To that extent, the submissions of counsel for the petitioner are found to be, without substance. 12. At this stage, Shri C.B. Gupta has submitted that since an appeal is a continuation of the suit, the pleas that have been raised in the ground of appeal are liable to be examined. He contends that the plaintiff had no share in the joint property as he had been adopted in another family and that a valid and registered adoption deed in this regard, exits. Although, the submission of counsel for the petitioner appears at the first flush to be extremely attractive, he however admits that there is no such pleading in the plaint. The ground that is being urged before this Court, though taken in the memo of first appeal, is not a plea raised in the suit, itself.
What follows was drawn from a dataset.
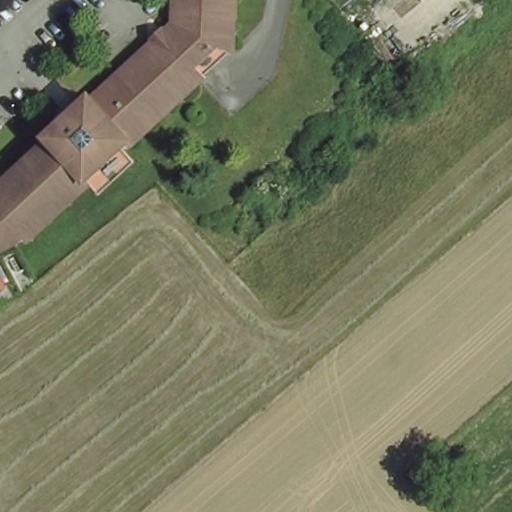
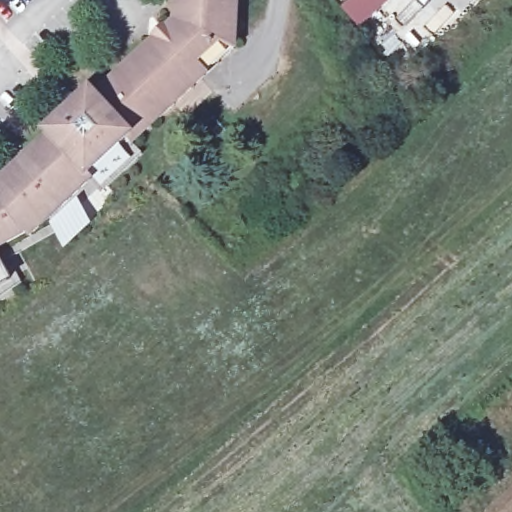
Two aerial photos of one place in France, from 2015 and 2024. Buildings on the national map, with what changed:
unchanged [(223,47),(200,69),(206,79),(135,141),(133,143),(129,139),(123,144),(121,146),(135,162),(98,193),(88,181),(27,235),(23,231),(0,244),(0,190),(53,140),(50,137),(86,103),(93,97),(96,101),(99,98),(179,23),(181,0),(238,0),(235,53),(223,47)]
new [(340,9),(349,0),(383,0),(356,29),(340,9)]
unchanged [(7,277),(0,281),(0,265),(7,277)]

Admittedly, no written statement or any evidence was adduced by the petitioner. 13. It is settled law that nothing beyond the pleadings of the parties is to be considered in the first or second appeal. Merely because an appeal is continuation of the suit, which is not in dispute, it does not render an appeal a de-novo trial, as is sought to be made out by the petitioner. 14. Admittedly, no written statement was filed. Therefore, the defence which is being raised an appeal was not raised before the trial Court and this plea is not admitted in the plaint. The appellate court cannot go beyond the pleadings or the evidence in the suit. The petitioner having permitted the order of the trial Court to proceed exparte against him, to attain finality is now bound by the same and he can neither raise any fresh pleadings, nor can he adduce any evidence. 15. Under the circumstances, any order of remand would be a sheer exercise in futility. The findings returned by the trial Court that the parties have half share each, in the suit property for all practical purposes cannot be assailed, in the absence of any pleadings or evidence to the contrary. 16. In view of the foregoing, this Court does not find any merit in the writ petition. It is accordingly, dismissed.